Activity ▸
Every line below is to be copied exactly, with the pictures left out.

#####

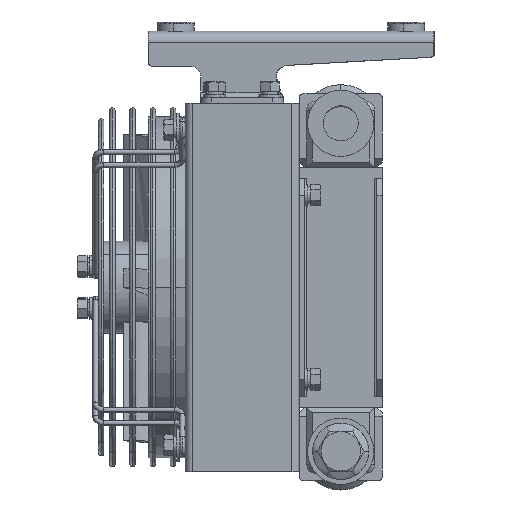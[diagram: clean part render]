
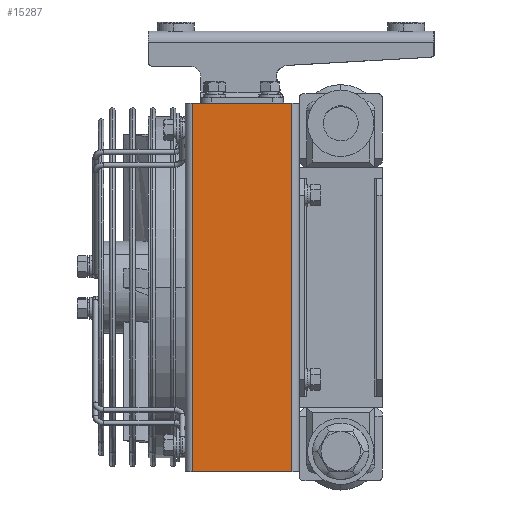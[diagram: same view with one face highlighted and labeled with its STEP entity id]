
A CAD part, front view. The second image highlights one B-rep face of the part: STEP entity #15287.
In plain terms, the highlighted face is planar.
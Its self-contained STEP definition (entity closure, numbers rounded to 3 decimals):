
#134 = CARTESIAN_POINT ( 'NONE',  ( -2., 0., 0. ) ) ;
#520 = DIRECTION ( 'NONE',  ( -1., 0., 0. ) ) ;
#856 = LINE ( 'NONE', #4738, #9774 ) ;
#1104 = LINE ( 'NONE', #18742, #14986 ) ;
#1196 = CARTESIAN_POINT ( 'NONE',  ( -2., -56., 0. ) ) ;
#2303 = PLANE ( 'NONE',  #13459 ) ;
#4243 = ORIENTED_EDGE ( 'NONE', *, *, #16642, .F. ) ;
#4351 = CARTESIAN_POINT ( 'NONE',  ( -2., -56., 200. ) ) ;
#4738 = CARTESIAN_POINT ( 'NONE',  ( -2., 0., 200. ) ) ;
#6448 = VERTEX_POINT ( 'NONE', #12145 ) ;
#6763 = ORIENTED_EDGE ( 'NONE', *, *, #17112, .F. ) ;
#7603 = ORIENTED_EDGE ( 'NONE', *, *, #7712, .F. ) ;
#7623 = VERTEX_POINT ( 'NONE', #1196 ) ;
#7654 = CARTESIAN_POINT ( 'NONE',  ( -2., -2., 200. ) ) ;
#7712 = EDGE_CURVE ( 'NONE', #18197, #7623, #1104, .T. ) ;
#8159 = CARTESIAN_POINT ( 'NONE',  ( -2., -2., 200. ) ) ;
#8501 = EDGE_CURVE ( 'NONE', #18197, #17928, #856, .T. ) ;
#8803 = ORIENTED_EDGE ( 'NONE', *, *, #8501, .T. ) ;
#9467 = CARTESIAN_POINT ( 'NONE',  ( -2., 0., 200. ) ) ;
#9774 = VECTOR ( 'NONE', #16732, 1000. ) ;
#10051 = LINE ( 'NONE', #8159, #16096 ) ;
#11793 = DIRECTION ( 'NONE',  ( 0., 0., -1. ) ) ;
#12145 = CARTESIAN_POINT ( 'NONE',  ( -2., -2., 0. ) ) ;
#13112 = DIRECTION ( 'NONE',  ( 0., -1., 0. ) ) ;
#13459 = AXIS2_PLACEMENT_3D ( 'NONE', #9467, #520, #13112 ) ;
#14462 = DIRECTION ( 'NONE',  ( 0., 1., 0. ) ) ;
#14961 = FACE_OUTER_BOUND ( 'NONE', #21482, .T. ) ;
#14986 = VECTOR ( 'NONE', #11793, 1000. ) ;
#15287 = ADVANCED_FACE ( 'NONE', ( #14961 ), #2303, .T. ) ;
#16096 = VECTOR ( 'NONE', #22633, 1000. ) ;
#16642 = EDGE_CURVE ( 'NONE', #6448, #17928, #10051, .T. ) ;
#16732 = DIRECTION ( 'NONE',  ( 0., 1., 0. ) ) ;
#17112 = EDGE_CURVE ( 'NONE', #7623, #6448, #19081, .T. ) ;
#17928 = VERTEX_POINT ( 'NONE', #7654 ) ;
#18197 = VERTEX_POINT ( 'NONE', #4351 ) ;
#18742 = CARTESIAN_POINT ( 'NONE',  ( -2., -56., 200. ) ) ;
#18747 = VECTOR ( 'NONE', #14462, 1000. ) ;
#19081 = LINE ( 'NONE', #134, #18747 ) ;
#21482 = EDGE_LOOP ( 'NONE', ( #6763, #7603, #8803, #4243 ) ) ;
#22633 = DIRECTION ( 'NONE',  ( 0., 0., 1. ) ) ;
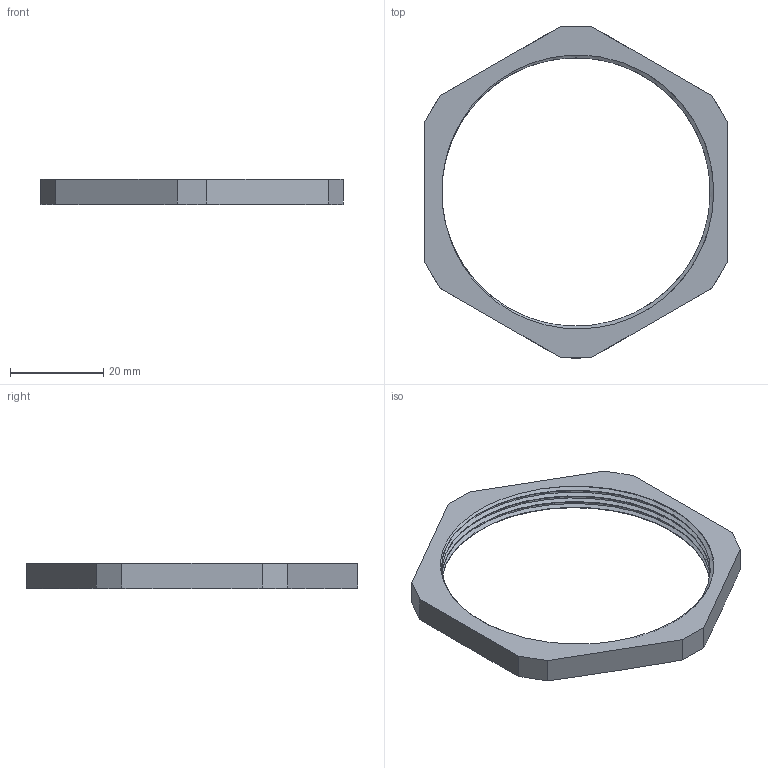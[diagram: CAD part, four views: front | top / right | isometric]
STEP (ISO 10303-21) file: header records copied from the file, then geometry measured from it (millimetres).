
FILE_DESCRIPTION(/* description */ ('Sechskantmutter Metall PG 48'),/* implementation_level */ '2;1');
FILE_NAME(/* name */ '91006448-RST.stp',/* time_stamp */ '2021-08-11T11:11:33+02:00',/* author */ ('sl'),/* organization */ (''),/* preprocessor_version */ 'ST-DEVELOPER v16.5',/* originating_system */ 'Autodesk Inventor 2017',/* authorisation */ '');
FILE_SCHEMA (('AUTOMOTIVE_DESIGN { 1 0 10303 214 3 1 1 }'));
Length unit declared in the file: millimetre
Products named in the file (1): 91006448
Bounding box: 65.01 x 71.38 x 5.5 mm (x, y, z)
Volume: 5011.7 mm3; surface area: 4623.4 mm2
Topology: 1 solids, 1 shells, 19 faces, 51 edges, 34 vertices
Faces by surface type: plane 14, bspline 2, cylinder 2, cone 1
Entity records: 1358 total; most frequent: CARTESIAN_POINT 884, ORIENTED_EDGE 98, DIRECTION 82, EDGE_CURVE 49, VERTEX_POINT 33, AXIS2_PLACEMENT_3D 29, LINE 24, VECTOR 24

#####

Problem solution ▸
[diagram: clean part render]
[diagram: same view with one face highlighted and labeled with its STEP entity id]
A CAD part, front view. The second image highlights one B-rep face of the part: STEP entity #15287.
In plain terms, the highlighted face is planar.
Its self-contained STEP definition (entity closure, numbers rounded to 3 decimals):
#134 = CARTESIAN_POINT ( 'NONE',  ( -2., 0., 0. ) ) ;
#520 = DIRECTION ( 'NONE',  ( -1., 0., 0. ) ) ;
#856 = LINE ( 'NONE', #4738, #9774 ) ;
#1104 = LINE ( 'NONE', #18742, #14986 ) ;
#1196 = CARTESIAN_POINT ( 'NONE',  ( -2., -56., 0. ) ) ;
#2303 = PLANE ( 'NONE',  #13459 ) ;
#4243 = ORIENTED_EDGE ( 'NONE', *, *, #16642, .F. ) ;
#4351 = CARTESIAN_POINT ( 'NONE',  ( -2., -56., 200. ) ) ;
#4738 = CARTESIAN_POINT ( 'NONE',  ( -2., 0., 200. ) ) ;
#6448 = VERTEX_POINT ( 'NONE', #12145 ) ;
#6763 = ORIENTED_EDGE ( 'NONE', *, *, #17112, .F. ) ;
#7603 = ORIENTED_EDGE ( 'NONE', *, *, #7712, .F. ) ;
#7623 = VERTEX_POINT ( 'NONE', #1196 ) ;
#7654 = CARTESIAN_POINT ( 'NONE',  ( -2., -2., 200. ) ) ;
#7712 = EDGE_CURVE ( 'NONE', #18197, #7623, #1104, .T. ) ;
#8159 = CARTESIAN_POINT ( 'NONE',  ( -2., -2., 200. ) ) ;
#8501 = EDGE_CURVE ( 'NONE', #18197, #17928, #856, .T. ) ;
#8803 = ORIENTED_EDGE ( 'NONE', *, *, #8501, .T. ) ;
#9467 = CARTESIAN_POINT ( 'NONE',  ( -2., 0., 200. ) ) ;
#9774 = VECTOR ( 'NONE', #16732, 1000. ) ;
#10051 = LINE ( 'NONE', #8159, #16096 ) ;
#11793 = DIRECTION ( 'NONE',  ( 0., 0., -1. ) ) ;
#12145 = CARTESIAN_POINT ( 'NONE',  ( -2., -2., 0. ) ) ;
#13112 = DIRECTION ( 'NONE',  ( 0., -1., 0. ) ) ;
#13459 = AXIS2_PLACEMENT_3D ( 'NONE', #9467, #520, #13112 ) ;
#14462 = DIRECTION ( 'NONE',  ( 0., 1., 0. ) ) ;
#14961 = FACE_OUTER_BOUND ( 'NONE', #21482, .T. ) ;
#14986 = VECTOR ( 'NONE', #11793, 1000. ) ;
#15287 = ADVANCED_FACE ( 'NONE', ( #14961 ), #2303, .T. ) ;
#16096 = VECTOR ( 'NONE', #22633, 1000. ) ;
#16642 = EDGE_CURVE ( 'NONE', #6448, #17928, #10051, .T. ) ;
#16732 = DIRECTION ( 'NONE',  ( 0., 1., 0. ) ) ;
#17112 = EDGE_CURVE ( 'NONE', #7623, #6448, #19081, .T. ) ;
#17928 = VERTEX_POINT ( 'NONE', #7654 ) ;
#18197 = VERTEX_POINT ( 'NONE', #4351 ) ;
#18742 = CARTESIAN_POINT ( 'NONE',  ( -2., -56., 200. ) ) ;
#18747 = VECTOR ( 'NONE', #14462, 1000. ) ;
#19081 = LINE ( 'NONE', #134, #18747 ) ;
#21482 = EDGE_LOOP ( 'NONE', ( #6763, #7603, #8803, #4243 ) ) ;
#22633 = DIRECTION ( 'NONE',  ( 0., 0., 1. ) ) ;
[diagram: CAD part, four views: front | top / right | isometric]
STEP (ISO 10303-21) file: header records copied from the file, then geometry measured from it (millimetres).
FILE_DESCRIPTION(/* description */ ('Sechskantmutter Metall PG 48'),/* implementation_level */ '2;1');
FILE_NAME(/* name */ '91006448-RST.stp',/* time_stamp */ '2021-08-11T11:11:33+02:00',/* author */ ('sl'),/* organization */ (''),/* preprocessor_version */ 'ST-DEVELOPER v16.5',/* originating_system */ 'Autodesk Inventor 2017',/* authorisation */ '');
FILE_SCHEMA (('AUTOMOTIVE_DESIGN { 1 0 10303 214 3 1 1 }'));
Length unit declared in the file: millimetre
Products named in the file (1): 91006448
Bounding box: 65.01 x 71.38 x 5.5 mm (x, y, z)
Volume: 5011.7 mm3; surface area: 4623.4 mm2
Topology: 1 solids, 1 shells, 19 faces, 51 edges, 34 vertices
Faces by surface type: plane 14, bspline 2, cylinder 2, cone 1
Entity records: 1358 total; most frequent: CARTESIAN_POINT 884, ORIENTED_EDGE 98, DIRECTION 82, EDGE_CURVE 49, VERTEX_POINT 33, AXIS2_PLACEMENT_3D 29, LINE 24, VECTOR 24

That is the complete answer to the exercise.